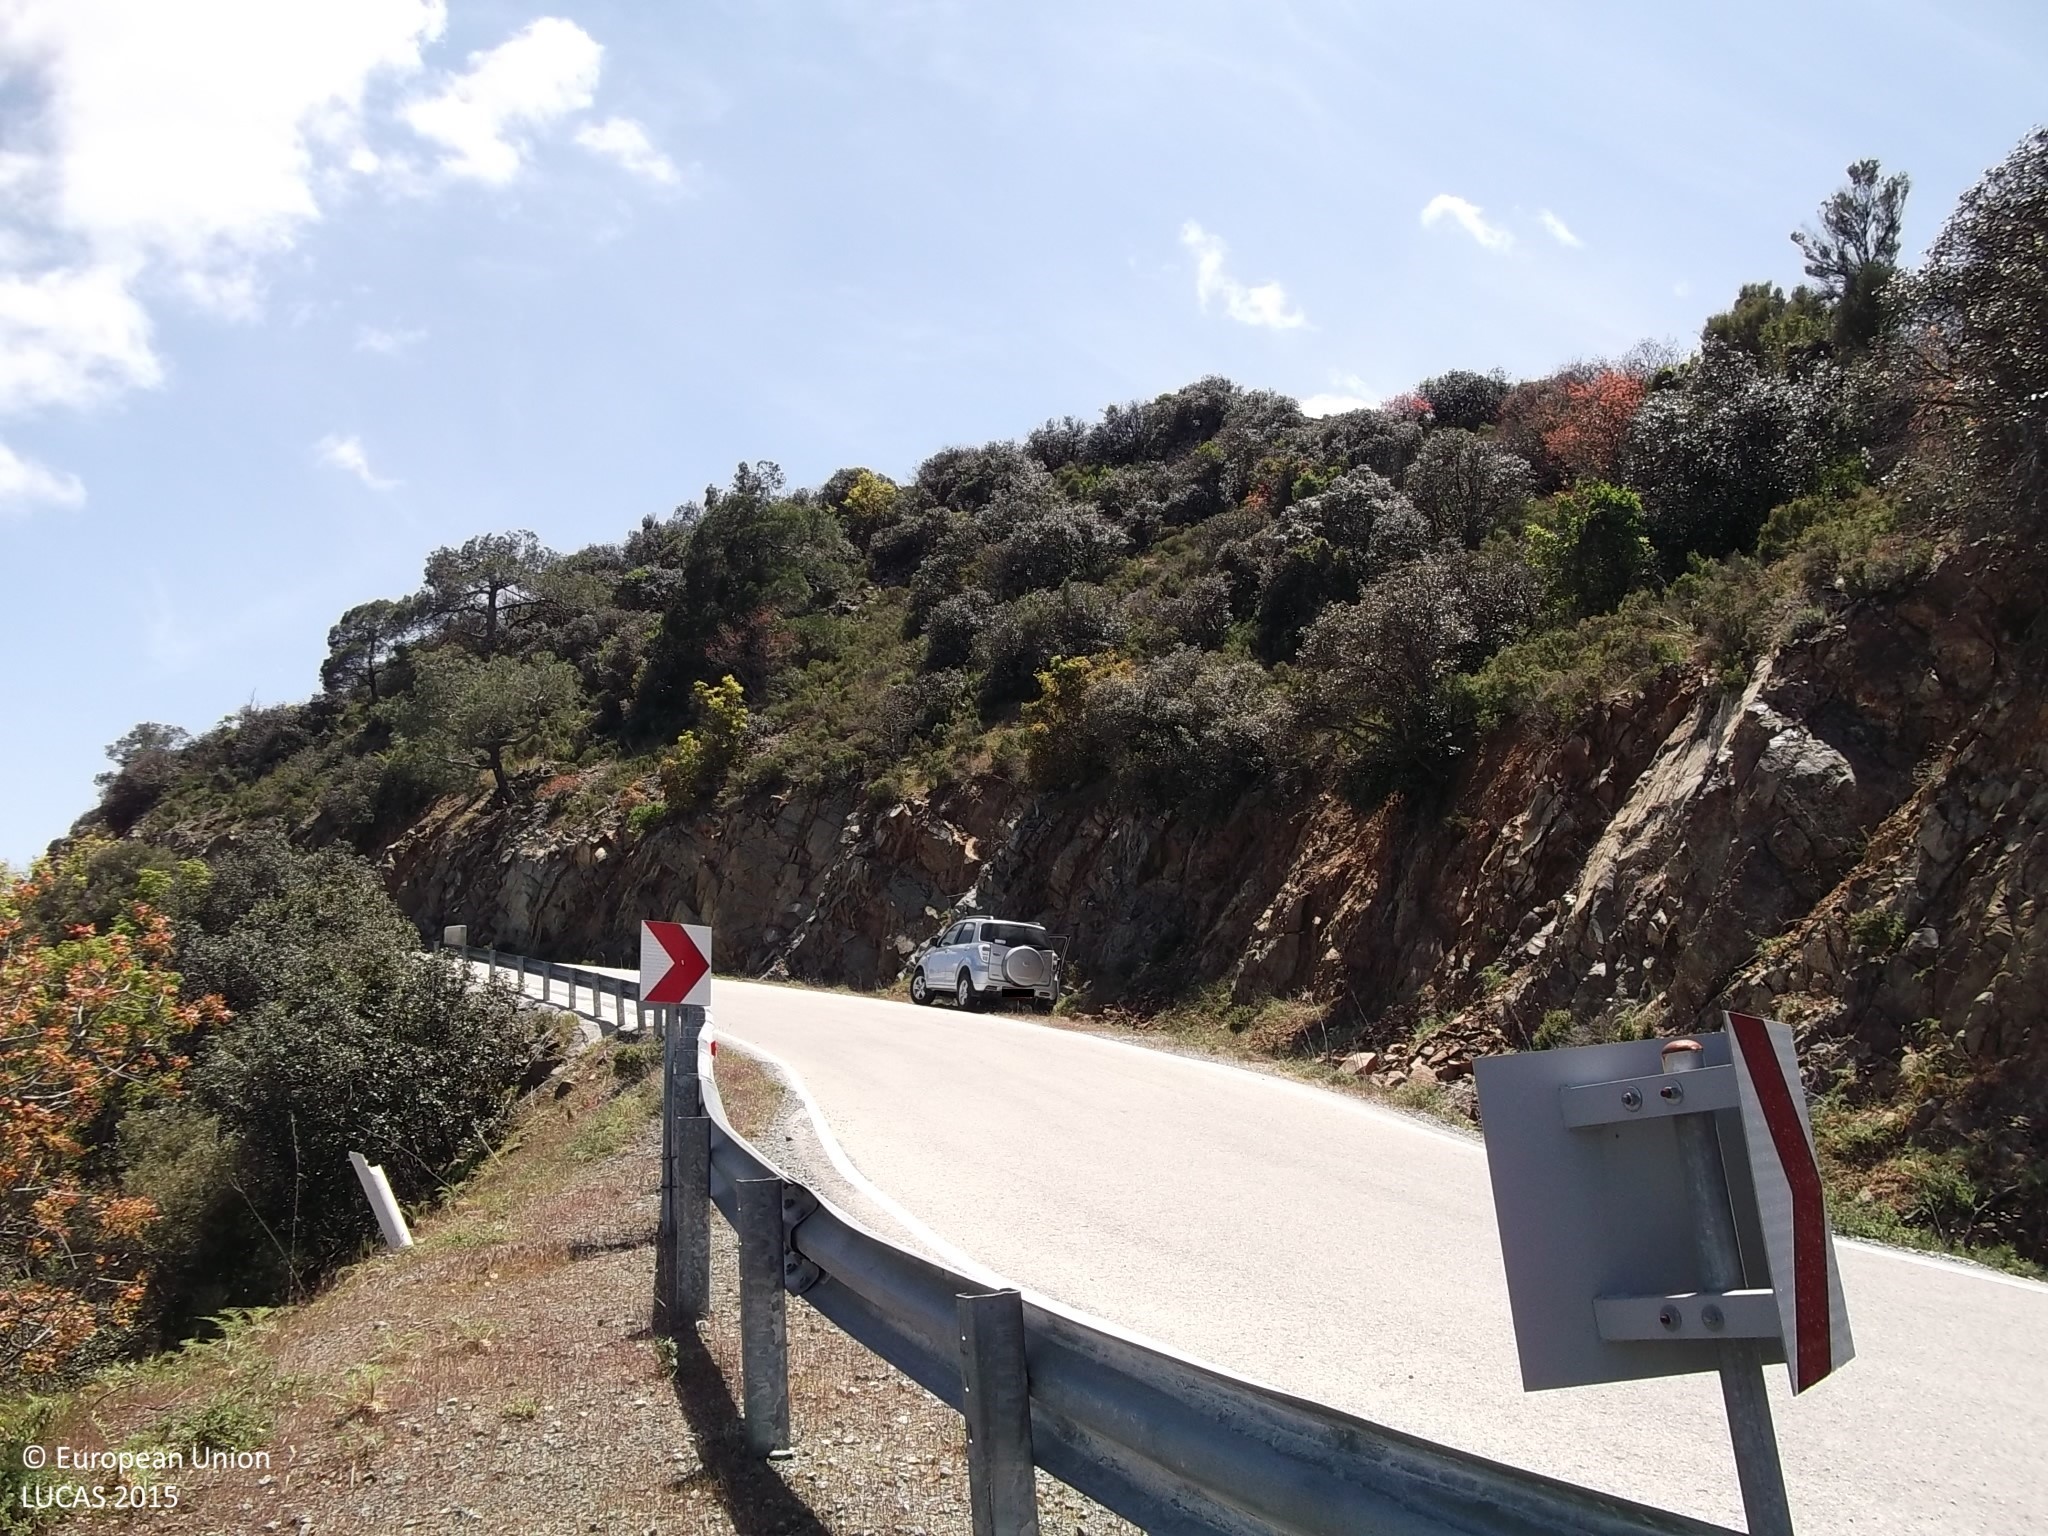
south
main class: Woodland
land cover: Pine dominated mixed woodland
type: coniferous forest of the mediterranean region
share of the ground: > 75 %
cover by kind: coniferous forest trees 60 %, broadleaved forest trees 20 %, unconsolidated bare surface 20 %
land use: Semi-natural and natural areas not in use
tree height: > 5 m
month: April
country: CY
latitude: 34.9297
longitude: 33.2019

▬▬▬▬▬▬▬▬▬▬

### WORK ORDER
In the copy, include every entry above exactly and leave out each picture.

### OUTPUT BELOW
south
main class: Woodland
land cover: Pine dominated mixed woodland
type: coniferous forest of the mediterranean region
share of the ground: > 75 %
cover by kind: coniferous forest trees 60 %, broadleaved forest trees 20 %, unconsolidated bare surface 20 %
land use: Semi-natural and natural areas not in use
tree height: > 5 m
month: April
country: CY
latitude: 34.9297
longitude: 33.2019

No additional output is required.